(Beginning of Study material)

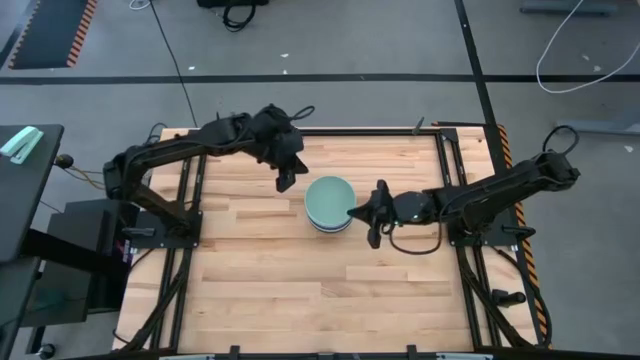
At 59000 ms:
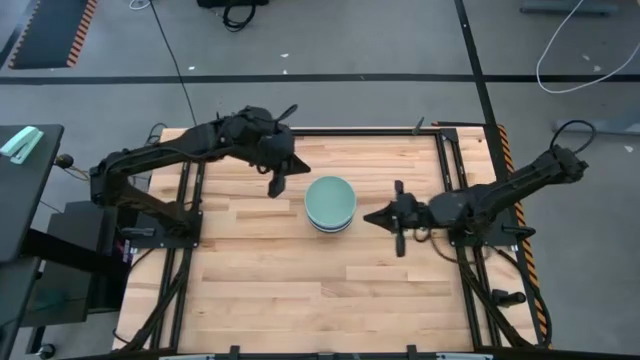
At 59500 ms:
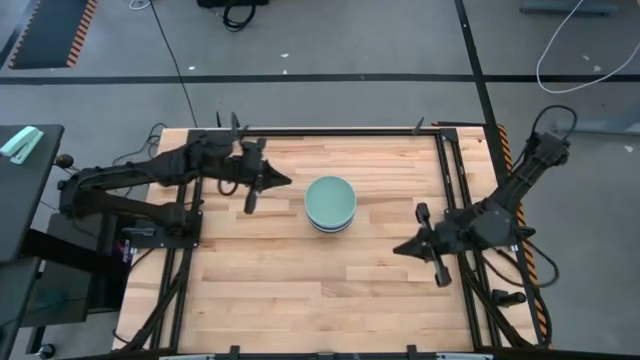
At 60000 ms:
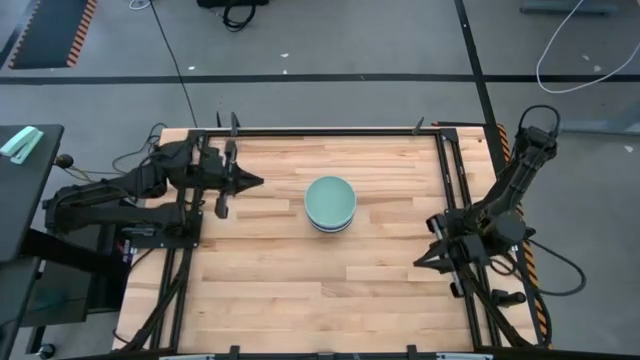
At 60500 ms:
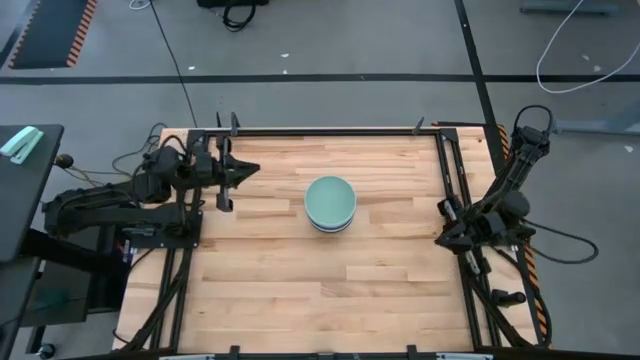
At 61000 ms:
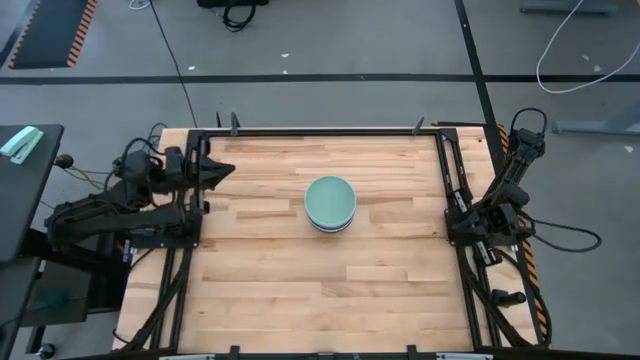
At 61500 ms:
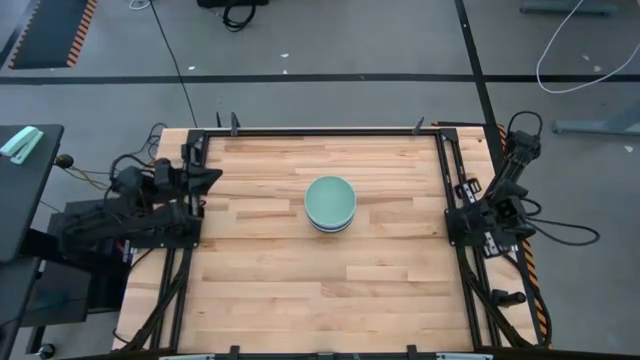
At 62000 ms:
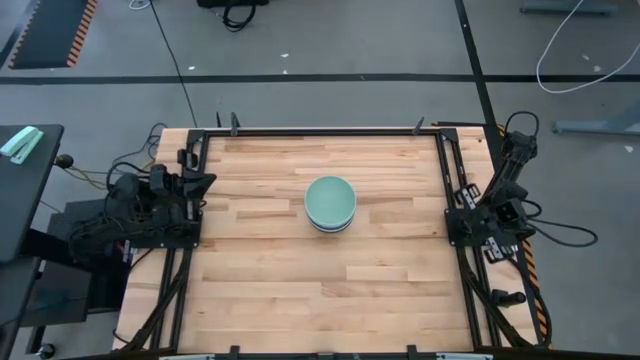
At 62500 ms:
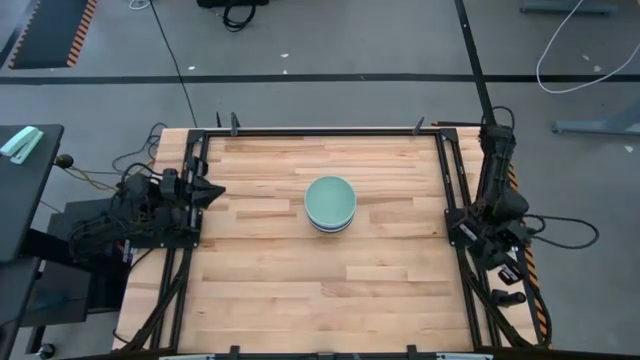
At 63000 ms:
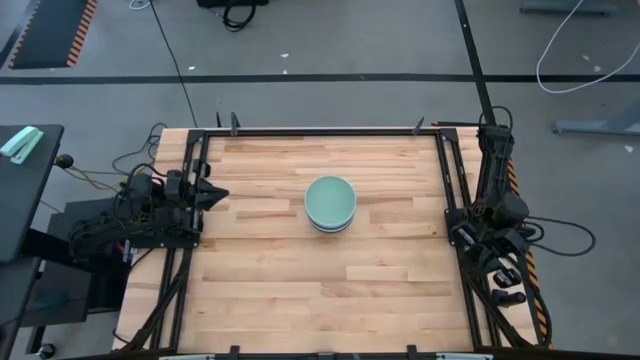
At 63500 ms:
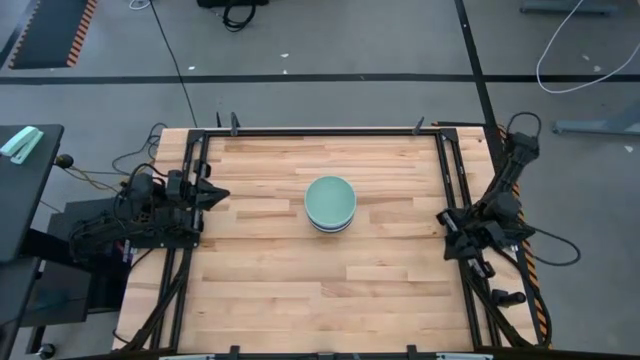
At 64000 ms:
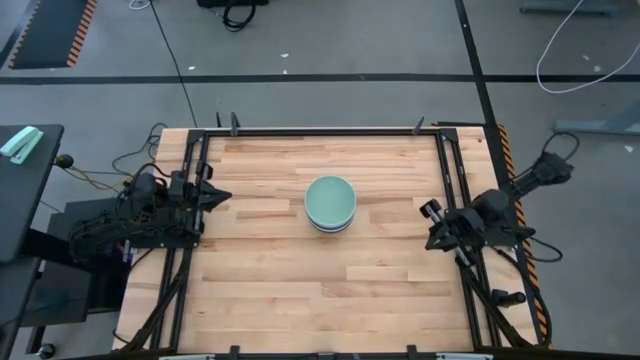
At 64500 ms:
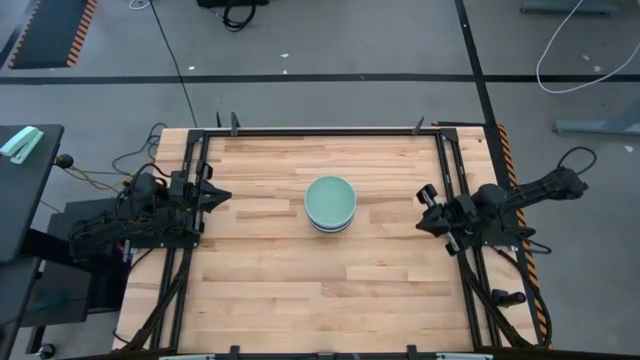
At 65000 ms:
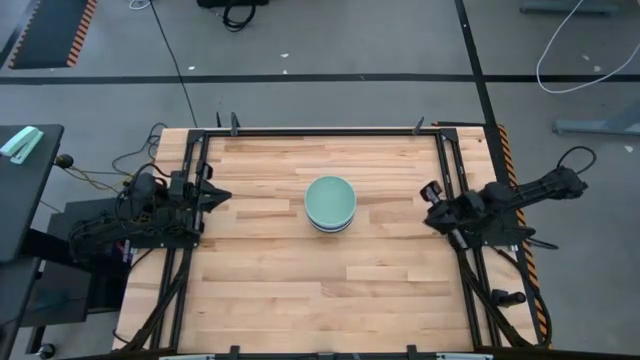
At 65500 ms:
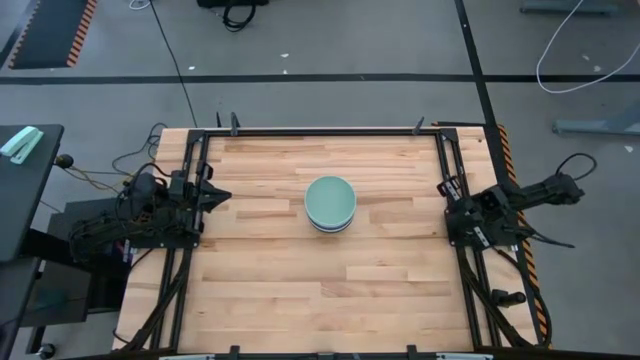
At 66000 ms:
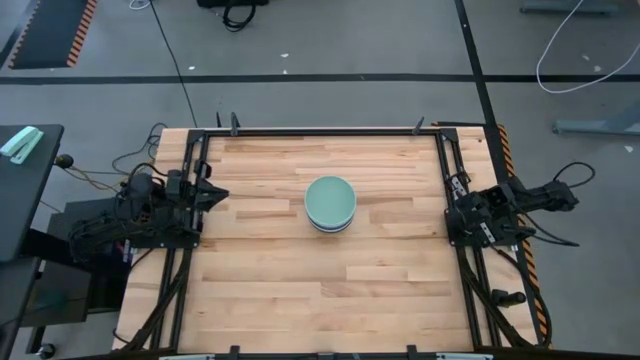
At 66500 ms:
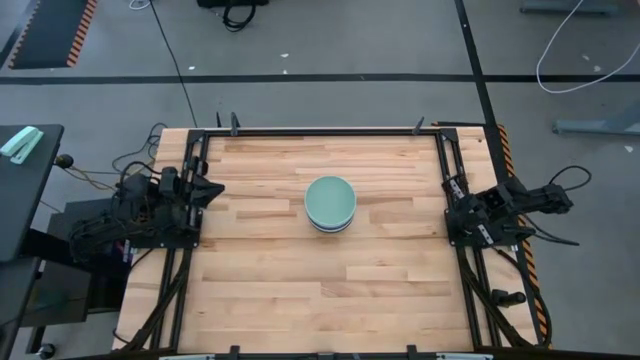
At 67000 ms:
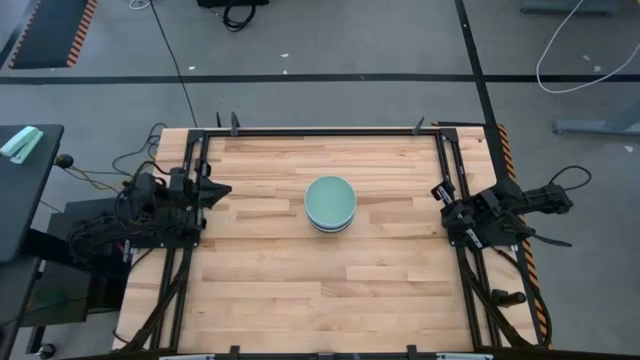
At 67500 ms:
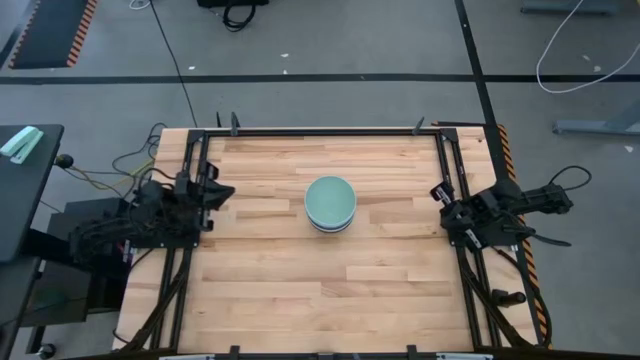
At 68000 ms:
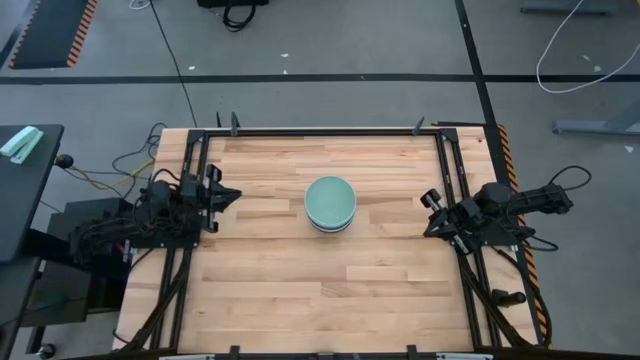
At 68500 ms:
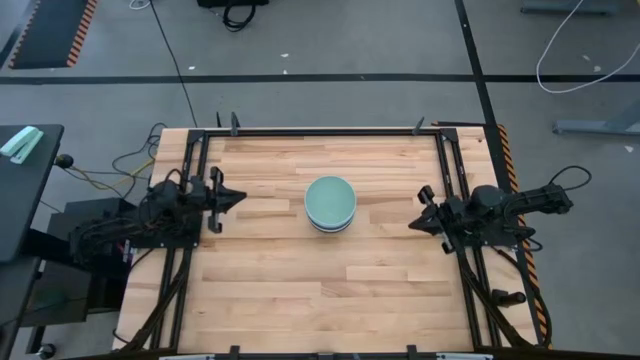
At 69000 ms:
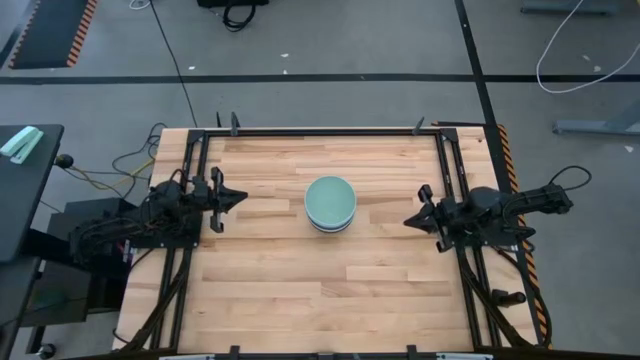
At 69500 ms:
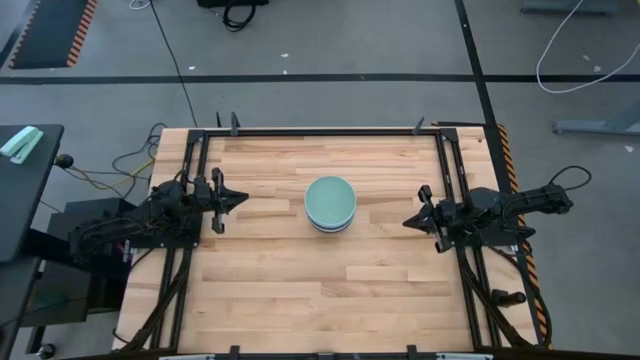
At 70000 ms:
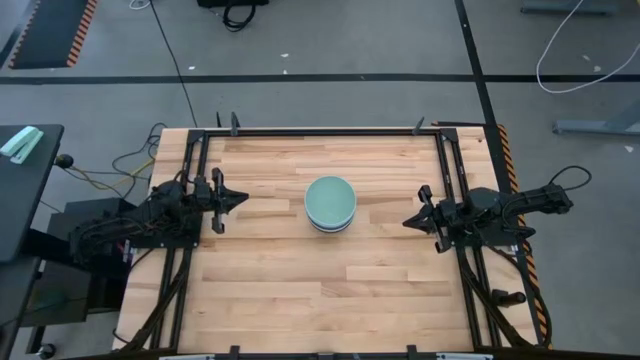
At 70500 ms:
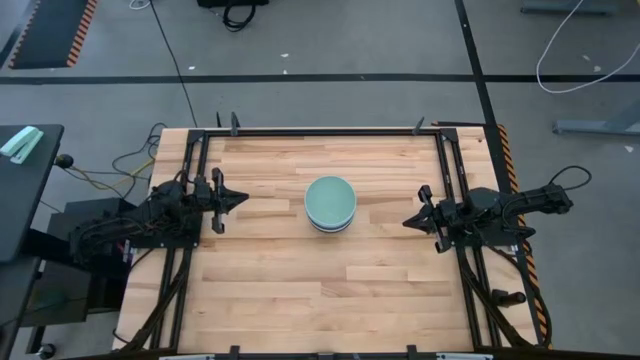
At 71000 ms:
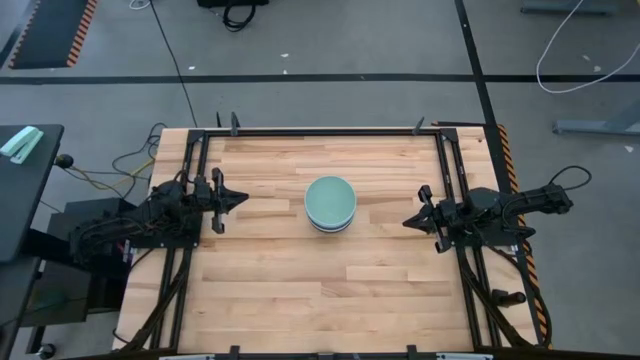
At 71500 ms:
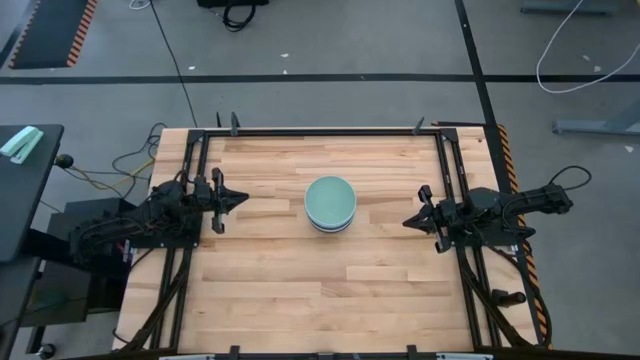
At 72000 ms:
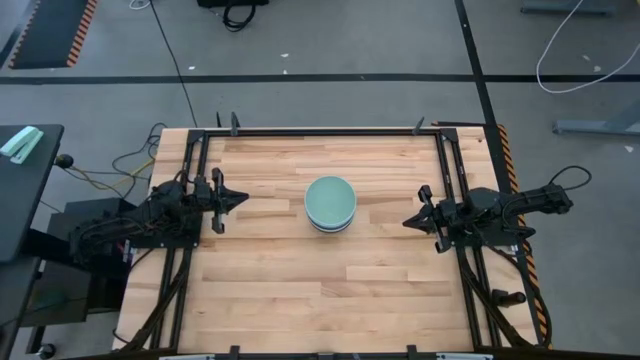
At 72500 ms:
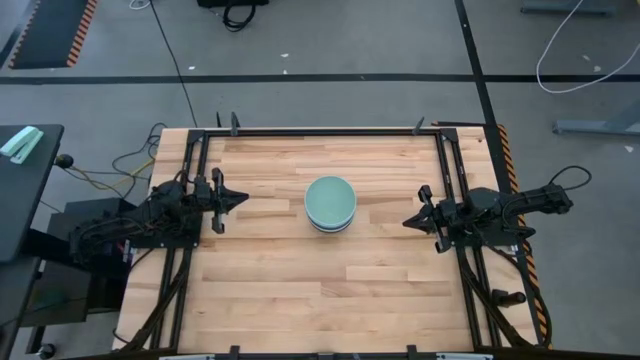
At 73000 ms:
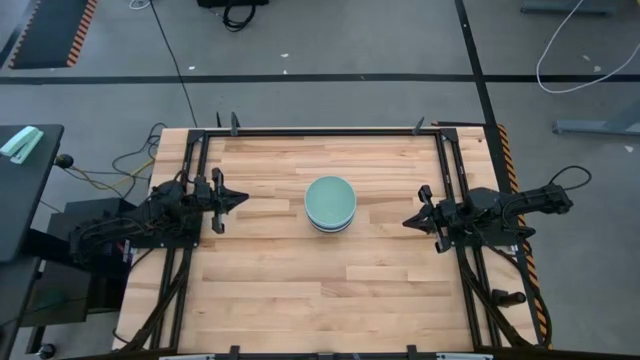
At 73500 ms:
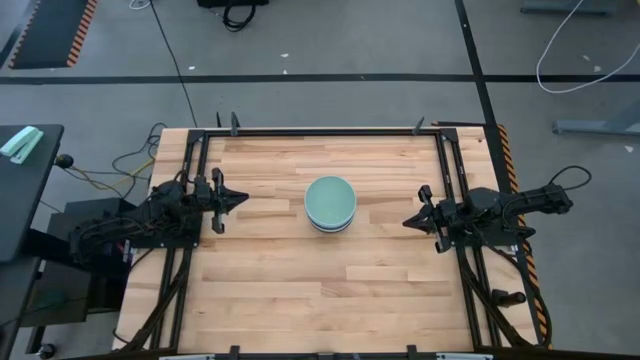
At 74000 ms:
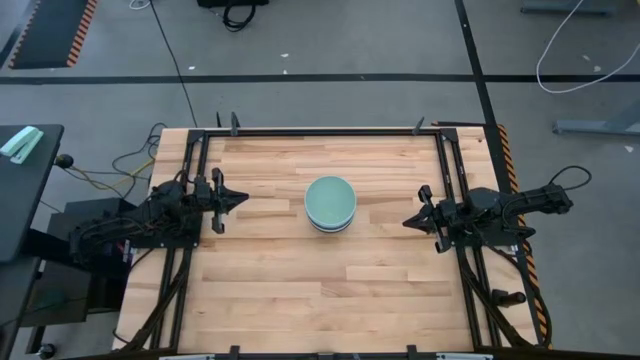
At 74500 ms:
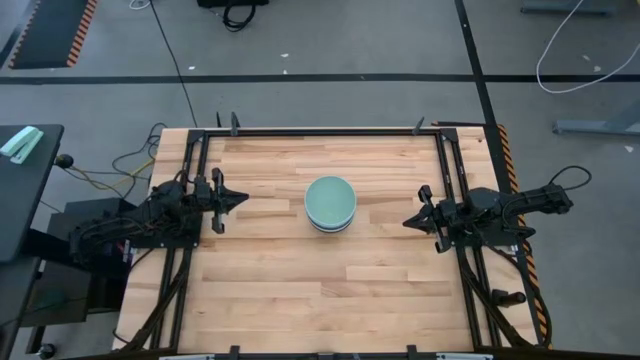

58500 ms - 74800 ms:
Task: Nest bowls inside each other
Return to Home Position

(End of Study material)

The task:
Exactly as written, restate the listing above with its pictures omitted.

Result:
At 59000 ms:
At 59500 ms:
At 60000 ms:
At 60500 ms:
At 61000 ms:
At 61500 ms:
At 62000 ms:
At 62500 ms:
At 63000 ms:
At 63500 ms:
At 64000 ms:
At 64500 ms:
At 65000 ms:
At 65500 ms:
At 66000 ms:
At 66500 ms:
At 67000 ms:
At 67500 ms:
At 68000 ms:
At 68500 ms:
At 69000 ms:
At 69500 ms:
At 70000 ms:
At 70500 ms:
At 71000 ms:
At 71500 ms:
At 72000 ms:
At 72500 ms:
At 73000 ms:
At 73500 ms:
At 74000 ms:
At 74500 ms:

58500 ms - 74800 ms:
Task: Nest bowls inside each other
Return to Home Position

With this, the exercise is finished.